_Exercise goal_:
Set down the records below in full, exactly as they read.

Data extracted from a collection
# # # # # # #
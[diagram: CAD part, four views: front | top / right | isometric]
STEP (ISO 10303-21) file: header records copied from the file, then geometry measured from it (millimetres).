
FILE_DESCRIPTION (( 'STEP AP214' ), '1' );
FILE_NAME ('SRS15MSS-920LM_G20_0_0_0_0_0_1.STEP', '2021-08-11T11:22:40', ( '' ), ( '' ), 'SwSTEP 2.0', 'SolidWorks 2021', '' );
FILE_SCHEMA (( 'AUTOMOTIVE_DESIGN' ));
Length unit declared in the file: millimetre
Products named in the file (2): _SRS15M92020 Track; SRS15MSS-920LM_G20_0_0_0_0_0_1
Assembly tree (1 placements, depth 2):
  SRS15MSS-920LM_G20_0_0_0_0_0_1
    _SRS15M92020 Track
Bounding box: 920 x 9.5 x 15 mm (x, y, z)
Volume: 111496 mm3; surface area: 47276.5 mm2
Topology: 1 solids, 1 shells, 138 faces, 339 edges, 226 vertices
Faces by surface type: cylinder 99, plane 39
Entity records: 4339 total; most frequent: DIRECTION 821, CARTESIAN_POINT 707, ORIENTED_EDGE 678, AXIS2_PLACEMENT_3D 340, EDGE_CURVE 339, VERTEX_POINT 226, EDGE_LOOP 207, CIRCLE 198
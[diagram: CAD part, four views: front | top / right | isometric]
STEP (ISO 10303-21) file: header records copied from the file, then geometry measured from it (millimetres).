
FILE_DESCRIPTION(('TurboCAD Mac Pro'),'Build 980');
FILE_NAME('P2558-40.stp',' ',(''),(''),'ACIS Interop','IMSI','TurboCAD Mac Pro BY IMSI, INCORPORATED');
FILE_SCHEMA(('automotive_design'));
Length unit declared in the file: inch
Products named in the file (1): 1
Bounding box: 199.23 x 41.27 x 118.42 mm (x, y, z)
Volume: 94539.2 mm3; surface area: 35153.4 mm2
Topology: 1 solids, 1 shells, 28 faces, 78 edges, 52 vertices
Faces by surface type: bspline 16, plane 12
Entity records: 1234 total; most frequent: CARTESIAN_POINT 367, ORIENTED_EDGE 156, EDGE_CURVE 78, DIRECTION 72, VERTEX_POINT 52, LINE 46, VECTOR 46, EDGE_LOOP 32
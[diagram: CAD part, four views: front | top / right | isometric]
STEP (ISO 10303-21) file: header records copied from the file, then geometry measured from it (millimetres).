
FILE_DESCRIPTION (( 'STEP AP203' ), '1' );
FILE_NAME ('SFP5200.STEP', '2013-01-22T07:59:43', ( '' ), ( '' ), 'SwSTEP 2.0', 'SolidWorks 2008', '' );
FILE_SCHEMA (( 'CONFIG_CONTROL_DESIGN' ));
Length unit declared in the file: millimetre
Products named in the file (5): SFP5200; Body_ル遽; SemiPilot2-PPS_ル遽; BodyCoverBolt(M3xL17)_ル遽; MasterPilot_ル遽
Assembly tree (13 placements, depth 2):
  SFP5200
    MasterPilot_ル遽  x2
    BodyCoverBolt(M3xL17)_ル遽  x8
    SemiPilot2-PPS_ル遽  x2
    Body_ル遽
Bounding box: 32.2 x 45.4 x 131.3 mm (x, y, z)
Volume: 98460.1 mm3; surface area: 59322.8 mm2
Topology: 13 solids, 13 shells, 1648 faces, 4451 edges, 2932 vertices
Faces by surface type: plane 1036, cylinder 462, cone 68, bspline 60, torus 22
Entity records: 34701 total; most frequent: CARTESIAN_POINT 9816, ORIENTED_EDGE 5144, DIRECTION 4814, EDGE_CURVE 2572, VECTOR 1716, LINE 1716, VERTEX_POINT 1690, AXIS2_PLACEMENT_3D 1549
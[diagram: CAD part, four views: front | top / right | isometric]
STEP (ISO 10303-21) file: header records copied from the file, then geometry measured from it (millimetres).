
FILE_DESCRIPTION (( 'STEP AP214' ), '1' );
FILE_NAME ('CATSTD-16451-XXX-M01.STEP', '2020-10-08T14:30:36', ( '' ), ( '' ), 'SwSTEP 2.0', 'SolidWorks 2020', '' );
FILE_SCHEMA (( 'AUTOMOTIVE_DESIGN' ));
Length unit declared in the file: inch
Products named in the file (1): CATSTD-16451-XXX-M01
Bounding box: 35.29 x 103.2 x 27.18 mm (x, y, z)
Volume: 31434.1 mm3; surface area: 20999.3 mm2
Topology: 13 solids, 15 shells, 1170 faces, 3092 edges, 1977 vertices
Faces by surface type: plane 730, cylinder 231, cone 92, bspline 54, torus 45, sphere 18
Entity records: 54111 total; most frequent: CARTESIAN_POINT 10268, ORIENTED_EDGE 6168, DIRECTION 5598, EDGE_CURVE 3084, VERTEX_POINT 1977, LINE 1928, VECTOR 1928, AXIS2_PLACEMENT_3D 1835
# # # # # # #
_Task result_:
[diagram: CAD part, four views: front | top / right | isometric]
STEP (ISO 10303-21) file: header records copied from the file, then geometry measured from it (millimetres).
FILE_DESCRIPTION (( 'STEP AP214' ), '1' );
FILE_NAME ('SRS15MSS-920LM_G20_0_0_0_0_0_1.STEP', '2021-08-11T11:22:40', ( '' ), ( '' ), 'SwSTEP 2.0', 'SolidWorks 2021', '' );
FILE_SCHEMA (( 'AUTOMOTIVE_DESIGN' ));
Length unit declared in the file: millimetre
Products named in the file (2): _SRS15M92020 Track; SRS15MSS-920LM_G20_0_0_0_0_0_1
Assembly tree (1 placements, depth 2):
  SRS15MSS-920LM_G20_0_0_0_0_0_1
    _SRS15M92020 Track
Bounding box: 920 x 9.5 x 15 mm (x, y, z)
Volume: 111496 mm3; surface area: 47276.5 mm2
Topology: 1 solids, 1 shells, 138 faces, 339 edges, 226 vertices
Faces by surface type: cylinder 99, plane 39
Entity records: 4339 total; most frequent: DIRECTION 821, CARTESIAN_POINT 707, ORIENTED_EDGE 678, AXIS2_PLACEMENT_3D 340, EDGE_CURVE 339, VERTEX_POINT 226, EDGE_LOOP 207, CIRCLE 198
[diagram: CAD part, four views: front | top / right | isometric]
STEP (ISO 10303-21) file: header records copied from the file, then geometry measured from it (millimetres).
FILE_DESCRIPTION(('TurboCAD Mac Pro'),'Build 980');
FILE_NAME('P2558-40.stp',' ',(''),(''),'ACIS Interop','IMSI','TurboCAD Mac Pro BY IMSI, INCORPORATED');
FILE_SCHEMA(('automotive_design'));
Length unit declared in the file: inch
Products named in the file (1): 1
Bounding box: 199.23 x 41.27 x 118.42 mm (x, y, z)
Volume: 94539.2 mm3; surface area: 35153.4 mm2
Topology: 1 solids, 1 shells, 28 faces, 78 edges, 52 vertices
Faces by surface type: bspline 16, plane 12
Entity records: 1234 total; most frequent: CARTESIAN_POINT 367, ORIENTED_EDGE 156, EDGE_CURVE 78, DIRECTION 72, VERTEX_POINT 52, LINE 46, VECTOR 46, EDGE_LOOP 32
[diagram: CAD part, four views: front | top / right | isometric]
STEP (ISO 10303-21) file: header records copied from the file, then geometry measured from it (millimetres).
FILE_DESCRIPTION (( 'STEP AP203' ), '1' );
FILE_NAME ('SFP5200.STEP', '2013-01-22T07:59:43', ( '' ), ( '' ), 'SwSTEP 2.0', 'SolidWorks 2008', '' );
FILE_SCHEMA (( 'CONFIG_CONTROL_DESIGN' ));
Length unit declared in the file: millimetre
Products named in the file (5): SFP5200; Body_ル遽; SemiPilot2-PPS_ル遽; BodyCoverBolt(M3xL17)_ル遽; MasterPilot_ル遽
Assembly tree (13 placements, depth 2):
  SFP5200
    MasterPilot_ル遽  x2
    BodyCoverBolt(M3xL17)_ル遽  x8
    SemiPilot2-PPS_ル遽  x2
    Body_ル遽
Bounding box: 32.2 x 45.4 x 131.3 mm (x, y, z)
Volume: 98460.1 mm3; surface area: 59322.8 mm2
Topology: 13 solids, 13 shells, 1648 faces, 4451 edges, 2932 vertices
Faces by surface type: plane 1036, cylinder 462, cone 68, bspline 60, torus 22
Entity records: 34701 total; most frequent: CARTESIAN_POINT 9816, ORIENTED_EDGE 5144, DIRECTION 4814, EDGE_CURVE 2572, VECTOR 1716, LINE 1716, VERTEX_POINT 1690, AXIS2_PLACEMENT_3D 1549
[diagram: CAD part, four views: front | top / right | isometric]
STEP (ISO 10303-21) file: header records copied from the file, then geometry measured from it (millimetres).
FILE_DESCRIPTION (( 'STEP AP214' ), '1' );
FILE_NAME ('CATSTD-16451-XXX-M01.STEP', '2020-10-08T14:30:36', ( '' ), ( '' ), 'SwSTEP 2.0', 'SolidWorks 2020', '' );
FILE_SCHEMA (( 'AUTOMOTIVE_DESIGN' ));
Length unit declared in the file: inch
Products named in the file (1): CATSTD-16451-XXX-M01
Bounding box: 35.29 x 103.2 x 27.18 mm (x, y, z)
Volume: 31434.1 mm3; surface area: 20999.3 mm2
Topology: 13 solids, 15 shells, 1170 faces, 3092 edges, 1977 vertices
Faces by surface type: plane 730, cylinder 231, cone 92, bspline 54, torus 45, sphere 18
Entity records: 54111 total; most frequent: CARTESIAN_POINT 10268, ORIENTED_EDGE 6168, DIRECTION 5598, EDGE_CURVE 3084, VERTEX_POINT 1977, LINE 1928, VECTOR 1928, AXIS2_PLACEMENT_3D 1835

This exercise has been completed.